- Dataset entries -
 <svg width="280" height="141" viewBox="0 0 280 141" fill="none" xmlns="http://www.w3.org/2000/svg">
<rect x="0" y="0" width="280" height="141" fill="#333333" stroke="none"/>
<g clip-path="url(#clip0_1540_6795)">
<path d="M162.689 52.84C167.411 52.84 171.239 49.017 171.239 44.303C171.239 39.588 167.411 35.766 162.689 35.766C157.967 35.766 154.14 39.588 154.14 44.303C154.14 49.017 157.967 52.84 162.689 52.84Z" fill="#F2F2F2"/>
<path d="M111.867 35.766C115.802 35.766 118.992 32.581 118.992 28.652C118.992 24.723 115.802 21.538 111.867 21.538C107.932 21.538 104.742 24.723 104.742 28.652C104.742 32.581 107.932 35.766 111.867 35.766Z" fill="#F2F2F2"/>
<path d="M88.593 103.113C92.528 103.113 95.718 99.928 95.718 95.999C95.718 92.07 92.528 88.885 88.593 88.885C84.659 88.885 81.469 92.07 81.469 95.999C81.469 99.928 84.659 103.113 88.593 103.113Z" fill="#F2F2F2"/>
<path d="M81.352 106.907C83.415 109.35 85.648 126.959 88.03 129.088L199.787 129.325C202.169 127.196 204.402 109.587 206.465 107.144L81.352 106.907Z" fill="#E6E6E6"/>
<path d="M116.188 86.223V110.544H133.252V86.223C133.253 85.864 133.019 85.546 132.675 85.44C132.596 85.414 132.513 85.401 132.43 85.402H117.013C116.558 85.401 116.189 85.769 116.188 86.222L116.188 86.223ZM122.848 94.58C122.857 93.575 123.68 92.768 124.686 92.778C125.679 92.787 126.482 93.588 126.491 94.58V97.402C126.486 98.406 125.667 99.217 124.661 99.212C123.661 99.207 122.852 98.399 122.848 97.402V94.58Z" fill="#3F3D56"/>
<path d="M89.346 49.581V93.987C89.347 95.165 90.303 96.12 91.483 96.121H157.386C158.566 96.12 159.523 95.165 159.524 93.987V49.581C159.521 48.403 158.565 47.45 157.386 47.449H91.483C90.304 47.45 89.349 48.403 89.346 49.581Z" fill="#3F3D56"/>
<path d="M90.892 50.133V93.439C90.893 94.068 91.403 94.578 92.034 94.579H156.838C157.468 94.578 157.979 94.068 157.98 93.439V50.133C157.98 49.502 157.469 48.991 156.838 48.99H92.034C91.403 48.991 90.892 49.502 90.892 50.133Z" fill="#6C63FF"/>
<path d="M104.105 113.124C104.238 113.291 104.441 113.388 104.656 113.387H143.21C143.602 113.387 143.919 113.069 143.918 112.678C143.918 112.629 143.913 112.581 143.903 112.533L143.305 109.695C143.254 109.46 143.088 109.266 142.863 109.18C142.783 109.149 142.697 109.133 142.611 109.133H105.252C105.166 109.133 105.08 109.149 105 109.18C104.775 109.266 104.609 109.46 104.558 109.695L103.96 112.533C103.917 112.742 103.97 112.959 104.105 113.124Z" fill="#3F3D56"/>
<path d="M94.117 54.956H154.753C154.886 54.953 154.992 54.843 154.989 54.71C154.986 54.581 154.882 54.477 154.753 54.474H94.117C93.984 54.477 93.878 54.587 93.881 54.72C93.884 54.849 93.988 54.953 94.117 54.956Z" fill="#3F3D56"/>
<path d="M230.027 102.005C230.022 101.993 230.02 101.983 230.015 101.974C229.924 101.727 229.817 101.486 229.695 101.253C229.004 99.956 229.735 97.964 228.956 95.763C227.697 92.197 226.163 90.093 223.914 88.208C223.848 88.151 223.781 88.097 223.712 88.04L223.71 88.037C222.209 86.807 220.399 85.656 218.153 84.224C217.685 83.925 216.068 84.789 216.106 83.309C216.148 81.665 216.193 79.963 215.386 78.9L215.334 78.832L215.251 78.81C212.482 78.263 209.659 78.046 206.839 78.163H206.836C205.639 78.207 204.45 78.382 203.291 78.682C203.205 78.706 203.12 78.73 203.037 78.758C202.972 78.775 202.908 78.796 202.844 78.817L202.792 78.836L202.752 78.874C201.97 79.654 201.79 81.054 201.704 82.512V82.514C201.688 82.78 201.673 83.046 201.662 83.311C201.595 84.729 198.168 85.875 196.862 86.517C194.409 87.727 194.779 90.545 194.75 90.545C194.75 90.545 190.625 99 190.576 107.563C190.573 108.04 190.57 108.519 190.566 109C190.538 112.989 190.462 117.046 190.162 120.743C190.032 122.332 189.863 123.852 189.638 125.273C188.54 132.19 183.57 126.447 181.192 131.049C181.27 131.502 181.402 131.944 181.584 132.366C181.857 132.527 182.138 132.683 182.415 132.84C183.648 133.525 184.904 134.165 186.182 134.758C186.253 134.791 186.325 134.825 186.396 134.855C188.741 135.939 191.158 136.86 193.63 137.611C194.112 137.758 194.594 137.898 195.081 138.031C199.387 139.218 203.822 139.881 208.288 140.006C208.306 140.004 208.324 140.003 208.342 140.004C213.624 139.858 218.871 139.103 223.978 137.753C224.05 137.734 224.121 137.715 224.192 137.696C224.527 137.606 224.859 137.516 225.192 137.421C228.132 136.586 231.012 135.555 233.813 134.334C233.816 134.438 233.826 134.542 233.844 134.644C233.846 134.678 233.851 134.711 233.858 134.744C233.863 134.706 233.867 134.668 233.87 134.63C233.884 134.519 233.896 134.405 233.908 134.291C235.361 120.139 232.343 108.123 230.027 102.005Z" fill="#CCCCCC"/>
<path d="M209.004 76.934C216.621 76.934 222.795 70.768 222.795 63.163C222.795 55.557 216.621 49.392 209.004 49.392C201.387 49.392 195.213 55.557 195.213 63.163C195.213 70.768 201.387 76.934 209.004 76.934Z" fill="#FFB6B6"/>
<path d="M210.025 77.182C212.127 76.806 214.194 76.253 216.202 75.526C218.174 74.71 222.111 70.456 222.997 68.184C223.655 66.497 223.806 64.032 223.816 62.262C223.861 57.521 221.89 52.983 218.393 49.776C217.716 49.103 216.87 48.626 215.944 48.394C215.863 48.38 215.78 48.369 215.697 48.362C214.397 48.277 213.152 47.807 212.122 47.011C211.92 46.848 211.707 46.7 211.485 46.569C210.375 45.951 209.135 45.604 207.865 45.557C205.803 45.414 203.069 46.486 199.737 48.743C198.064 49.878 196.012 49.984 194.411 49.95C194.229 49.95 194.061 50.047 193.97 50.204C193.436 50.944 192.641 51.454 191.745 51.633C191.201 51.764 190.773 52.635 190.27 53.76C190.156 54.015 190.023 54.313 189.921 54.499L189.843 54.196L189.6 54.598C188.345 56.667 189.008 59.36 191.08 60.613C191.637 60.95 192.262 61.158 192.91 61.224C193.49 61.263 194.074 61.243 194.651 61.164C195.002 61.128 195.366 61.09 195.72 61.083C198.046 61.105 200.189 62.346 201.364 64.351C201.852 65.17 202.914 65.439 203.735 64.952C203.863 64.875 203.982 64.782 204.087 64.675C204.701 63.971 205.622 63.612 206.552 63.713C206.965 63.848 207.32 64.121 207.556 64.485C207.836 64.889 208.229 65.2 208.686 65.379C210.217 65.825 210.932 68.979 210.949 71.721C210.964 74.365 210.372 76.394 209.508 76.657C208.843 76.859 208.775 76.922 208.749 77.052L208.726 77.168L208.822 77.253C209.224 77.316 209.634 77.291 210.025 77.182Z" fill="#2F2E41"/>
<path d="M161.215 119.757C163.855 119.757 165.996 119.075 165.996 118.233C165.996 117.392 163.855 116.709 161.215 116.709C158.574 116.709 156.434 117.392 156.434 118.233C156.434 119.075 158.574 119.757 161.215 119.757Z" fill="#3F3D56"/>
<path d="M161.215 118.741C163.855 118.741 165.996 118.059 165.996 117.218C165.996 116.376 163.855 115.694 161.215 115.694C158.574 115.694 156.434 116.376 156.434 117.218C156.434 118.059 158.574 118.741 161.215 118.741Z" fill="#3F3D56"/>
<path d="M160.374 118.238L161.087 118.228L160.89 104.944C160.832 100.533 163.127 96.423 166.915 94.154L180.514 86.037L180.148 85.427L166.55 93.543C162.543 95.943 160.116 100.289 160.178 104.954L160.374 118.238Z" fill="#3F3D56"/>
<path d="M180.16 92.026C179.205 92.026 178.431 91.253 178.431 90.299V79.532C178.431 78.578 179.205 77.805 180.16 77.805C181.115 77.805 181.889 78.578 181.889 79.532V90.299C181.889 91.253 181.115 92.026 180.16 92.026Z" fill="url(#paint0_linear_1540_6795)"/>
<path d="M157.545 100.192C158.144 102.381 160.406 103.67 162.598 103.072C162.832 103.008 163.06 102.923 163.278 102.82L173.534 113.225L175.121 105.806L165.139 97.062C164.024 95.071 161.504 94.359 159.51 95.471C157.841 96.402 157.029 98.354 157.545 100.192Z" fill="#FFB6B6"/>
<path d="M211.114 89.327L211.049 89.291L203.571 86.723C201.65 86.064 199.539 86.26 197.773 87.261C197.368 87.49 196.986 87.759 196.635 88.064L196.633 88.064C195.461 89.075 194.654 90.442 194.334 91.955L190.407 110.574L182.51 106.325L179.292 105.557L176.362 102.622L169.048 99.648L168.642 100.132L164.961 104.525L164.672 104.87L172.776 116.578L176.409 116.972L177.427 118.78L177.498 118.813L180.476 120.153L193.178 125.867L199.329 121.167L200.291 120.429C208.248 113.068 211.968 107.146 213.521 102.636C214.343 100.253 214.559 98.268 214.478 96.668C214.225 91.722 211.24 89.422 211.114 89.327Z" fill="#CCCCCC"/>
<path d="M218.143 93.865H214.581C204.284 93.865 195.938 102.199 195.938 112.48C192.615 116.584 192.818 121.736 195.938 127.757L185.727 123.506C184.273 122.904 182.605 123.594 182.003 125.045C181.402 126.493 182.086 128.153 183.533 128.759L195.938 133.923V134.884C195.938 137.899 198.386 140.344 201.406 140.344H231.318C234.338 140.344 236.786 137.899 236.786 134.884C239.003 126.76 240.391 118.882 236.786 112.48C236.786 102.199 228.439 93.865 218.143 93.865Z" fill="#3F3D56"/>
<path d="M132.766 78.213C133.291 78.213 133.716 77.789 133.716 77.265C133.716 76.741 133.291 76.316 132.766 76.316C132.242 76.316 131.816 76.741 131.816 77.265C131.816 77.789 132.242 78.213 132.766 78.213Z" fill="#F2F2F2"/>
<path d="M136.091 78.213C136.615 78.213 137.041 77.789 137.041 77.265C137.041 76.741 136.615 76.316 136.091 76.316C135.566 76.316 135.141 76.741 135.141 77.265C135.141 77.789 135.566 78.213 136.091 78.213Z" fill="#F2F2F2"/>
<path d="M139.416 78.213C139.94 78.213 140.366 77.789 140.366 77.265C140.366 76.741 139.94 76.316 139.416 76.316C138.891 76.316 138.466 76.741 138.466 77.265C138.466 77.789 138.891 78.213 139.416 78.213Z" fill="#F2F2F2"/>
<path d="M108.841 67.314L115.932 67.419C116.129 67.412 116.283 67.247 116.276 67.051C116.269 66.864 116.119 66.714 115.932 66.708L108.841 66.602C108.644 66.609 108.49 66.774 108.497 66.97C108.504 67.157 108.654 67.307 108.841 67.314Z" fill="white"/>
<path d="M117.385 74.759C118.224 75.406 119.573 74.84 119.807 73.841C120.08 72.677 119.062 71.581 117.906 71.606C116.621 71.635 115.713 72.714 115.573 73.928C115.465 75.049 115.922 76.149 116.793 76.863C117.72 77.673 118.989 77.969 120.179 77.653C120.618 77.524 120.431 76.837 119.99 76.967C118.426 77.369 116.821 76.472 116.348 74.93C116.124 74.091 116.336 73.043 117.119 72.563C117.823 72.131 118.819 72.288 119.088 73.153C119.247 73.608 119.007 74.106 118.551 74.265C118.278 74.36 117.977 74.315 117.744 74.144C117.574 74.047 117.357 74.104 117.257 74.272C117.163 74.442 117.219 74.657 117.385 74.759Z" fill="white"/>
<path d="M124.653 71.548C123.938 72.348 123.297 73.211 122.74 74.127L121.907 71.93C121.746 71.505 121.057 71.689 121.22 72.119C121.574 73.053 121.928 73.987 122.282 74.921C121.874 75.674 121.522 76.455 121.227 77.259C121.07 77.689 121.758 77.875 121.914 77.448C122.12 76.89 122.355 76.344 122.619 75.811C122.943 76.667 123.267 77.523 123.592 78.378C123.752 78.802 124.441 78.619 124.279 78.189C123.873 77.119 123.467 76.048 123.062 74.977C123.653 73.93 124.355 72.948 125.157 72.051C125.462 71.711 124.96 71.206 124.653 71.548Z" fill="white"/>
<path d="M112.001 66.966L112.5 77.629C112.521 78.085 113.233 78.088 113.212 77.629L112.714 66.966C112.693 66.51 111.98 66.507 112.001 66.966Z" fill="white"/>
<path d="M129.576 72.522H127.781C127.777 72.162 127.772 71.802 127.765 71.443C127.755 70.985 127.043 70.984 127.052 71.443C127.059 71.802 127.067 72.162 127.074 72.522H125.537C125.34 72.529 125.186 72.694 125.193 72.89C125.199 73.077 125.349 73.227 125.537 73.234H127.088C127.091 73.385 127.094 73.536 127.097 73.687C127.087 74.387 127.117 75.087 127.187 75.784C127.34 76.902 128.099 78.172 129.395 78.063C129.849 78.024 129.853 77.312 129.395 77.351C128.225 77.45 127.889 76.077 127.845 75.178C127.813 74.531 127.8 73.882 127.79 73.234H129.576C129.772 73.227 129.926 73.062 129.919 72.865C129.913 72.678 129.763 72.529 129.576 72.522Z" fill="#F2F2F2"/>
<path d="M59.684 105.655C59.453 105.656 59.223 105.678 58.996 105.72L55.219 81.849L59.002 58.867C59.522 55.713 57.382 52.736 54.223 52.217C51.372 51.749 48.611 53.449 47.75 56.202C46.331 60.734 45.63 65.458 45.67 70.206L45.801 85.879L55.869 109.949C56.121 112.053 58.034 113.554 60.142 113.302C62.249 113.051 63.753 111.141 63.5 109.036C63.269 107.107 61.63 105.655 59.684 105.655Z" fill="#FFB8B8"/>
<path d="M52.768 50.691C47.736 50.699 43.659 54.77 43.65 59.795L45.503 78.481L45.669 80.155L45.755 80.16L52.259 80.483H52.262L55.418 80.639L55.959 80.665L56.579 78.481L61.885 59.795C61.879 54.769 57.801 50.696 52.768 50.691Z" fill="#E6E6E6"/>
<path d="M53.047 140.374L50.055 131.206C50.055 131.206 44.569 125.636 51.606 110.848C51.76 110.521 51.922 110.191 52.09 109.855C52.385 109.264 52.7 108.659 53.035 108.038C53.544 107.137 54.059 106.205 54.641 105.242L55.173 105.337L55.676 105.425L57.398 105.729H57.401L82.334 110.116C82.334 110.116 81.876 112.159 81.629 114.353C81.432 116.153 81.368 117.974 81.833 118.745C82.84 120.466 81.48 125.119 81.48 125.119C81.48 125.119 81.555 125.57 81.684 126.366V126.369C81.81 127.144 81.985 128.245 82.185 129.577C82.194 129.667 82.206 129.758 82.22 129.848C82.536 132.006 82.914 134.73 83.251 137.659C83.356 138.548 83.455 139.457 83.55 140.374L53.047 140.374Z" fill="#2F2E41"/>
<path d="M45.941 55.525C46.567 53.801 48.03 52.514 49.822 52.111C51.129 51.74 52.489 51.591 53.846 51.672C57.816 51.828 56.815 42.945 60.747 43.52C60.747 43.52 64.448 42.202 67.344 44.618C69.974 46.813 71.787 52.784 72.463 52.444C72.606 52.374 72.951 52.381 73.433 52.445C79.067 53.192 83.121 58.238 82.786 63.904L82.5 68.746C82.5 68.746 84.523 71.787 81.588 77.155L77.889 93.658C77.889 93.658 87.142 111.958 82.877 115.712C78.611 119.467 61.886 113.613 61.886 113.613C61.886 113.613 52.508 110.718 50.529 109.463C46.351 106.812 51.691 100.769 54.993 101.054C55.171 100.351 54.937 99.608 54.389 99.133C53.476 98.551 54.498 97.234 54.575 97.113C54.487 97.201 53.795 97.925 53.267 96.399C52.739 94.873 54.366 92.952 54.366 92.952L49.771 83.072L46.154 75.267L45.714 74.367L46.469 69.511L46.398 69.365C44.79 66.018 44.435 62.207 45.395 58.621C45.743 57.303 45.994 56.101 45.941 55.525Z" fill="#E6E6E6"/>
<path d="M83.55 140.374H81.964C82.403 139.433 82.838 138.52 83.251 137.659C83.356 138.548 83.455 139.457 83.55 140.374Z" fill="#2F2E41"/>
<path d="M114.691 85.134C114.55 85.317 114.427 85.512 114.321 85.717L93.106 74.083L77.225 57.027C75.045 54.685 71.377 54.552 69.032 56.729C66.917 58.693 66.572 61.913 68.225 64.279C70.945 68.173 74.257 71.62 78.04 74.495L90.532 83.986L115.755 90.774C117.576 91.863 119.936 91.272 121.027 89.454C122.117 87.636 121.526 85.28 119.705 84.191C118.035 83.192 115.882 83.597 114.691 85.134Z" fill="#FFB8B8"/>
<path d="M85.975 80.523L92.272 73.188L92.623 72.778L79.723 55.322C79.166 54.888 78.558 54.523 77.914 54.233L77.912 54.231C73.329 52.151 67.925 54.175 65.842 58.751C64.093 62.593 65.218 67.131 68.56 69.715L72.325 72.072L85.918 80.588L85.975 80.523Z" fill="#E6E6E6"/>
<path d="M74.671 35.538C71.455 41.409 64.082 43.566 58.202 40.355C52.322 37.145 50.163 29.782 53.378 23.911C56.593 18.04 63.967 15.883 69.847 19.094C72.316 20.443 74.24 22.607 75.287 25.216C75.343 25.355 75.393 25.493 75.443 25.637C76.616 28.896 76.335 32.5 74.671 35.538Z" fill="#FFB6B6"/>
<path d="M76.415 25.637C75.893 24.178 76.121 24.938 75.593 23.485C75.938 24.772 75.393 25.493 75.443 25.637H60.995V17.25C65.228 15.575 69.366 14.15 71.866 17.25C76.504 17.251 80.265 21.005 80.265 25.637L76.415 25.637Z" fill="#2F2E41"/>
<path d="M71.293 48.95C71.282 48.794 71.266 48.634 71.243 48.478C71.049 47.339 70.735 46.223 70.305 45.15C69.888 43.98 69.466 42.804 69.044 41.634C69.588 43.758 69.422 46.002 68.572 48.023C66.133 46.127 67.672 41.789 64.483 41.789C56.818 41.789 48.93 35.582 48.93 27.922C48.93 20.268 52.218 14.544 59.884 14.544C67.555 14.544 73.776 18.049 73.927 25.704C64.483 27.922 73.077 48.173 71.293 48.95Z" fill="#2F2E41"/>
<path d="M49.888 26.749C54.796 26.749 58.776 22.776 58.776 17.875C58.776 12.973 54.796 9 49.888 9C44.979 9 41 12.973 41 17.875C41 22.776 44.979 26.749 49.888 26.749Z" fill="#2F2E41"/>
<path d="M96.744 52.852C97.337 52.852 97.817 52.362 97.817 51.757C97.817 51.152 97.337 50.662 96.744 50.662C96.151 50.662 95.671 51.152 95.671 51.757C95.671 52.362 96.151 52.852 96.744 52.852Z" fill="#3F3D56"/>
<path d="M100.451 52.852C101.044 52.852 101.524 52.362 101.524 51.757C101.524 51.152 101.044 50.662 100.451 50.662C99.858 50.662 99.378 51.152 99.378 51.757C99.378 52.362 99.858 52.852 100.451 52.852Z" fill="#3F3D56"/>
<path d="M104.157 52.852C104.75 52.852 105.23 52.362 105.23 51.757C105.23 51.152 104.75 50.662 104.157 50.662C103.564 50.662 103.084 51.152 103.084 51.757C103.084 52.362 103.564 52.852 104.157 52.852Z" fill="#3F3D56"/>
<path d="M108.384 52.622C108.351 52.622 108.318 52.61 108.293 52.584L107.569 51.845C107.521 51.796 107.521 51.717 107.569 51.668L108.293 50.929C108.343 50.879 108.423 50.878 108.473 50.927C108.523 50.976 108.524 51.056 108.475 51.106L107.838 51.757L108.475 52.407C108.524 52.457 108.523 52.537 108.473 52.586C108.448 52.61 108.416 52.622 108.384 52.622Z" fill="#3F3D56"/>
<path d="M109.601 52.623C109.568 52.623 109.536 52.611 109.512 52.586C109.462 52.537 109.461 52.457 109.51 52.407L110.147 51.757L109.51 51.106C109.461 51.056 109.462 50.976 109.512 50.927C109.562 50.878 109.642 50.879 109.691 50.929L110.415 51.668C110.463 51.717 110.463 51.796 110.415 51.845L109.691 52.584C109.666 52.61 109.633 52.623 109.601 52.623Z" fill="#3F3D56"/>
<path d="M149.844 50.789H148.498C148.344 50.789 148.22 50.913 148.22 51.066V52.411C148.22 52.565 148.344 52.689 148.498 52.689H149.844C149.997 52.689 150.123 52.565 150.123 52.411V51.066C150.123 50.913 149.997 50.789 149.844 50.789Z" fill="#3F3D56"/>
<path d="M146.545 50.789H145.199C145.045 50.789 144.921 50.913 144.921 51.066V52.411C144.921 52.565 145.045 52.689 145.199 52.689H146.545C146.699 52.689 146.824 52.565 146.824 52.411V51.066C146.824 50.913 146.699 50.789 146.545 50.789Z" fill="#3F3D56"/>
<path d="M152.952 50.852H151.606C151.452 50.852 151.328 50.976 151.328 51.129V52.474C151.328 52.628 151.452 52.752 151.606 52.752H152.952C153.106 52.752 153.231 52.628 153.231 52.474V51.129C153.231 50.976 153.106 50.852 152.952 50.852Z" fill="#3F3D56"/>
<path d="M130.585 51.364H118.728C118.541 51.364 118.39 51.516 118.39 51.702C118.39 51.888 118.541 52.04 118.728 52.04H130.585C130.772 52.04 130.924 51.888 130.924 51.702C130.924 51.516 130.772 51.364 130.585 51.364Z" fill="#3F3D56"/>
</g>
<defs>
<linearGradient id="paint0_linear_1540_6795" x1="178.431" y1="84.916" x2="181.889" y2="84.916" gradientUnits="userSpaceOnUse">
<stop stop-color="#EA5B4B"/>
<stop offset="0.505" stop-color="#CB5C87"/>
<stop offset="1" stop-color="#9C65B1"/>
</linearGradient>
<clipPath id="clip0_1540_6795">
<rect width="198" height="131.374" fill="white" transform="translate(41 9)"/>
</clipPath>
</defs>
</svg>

- Exercise brief -
Above are the records. Identify each line that contains the word "none".

- Solved exercise -
 <svg width="280" height="141" viewBox="0 0 280 141" fill="none" xmlns="http://www.w3.org/2000/svg">
<rect x="0" y="0" width="280" height="141" fill="#333333" stroke="none"/>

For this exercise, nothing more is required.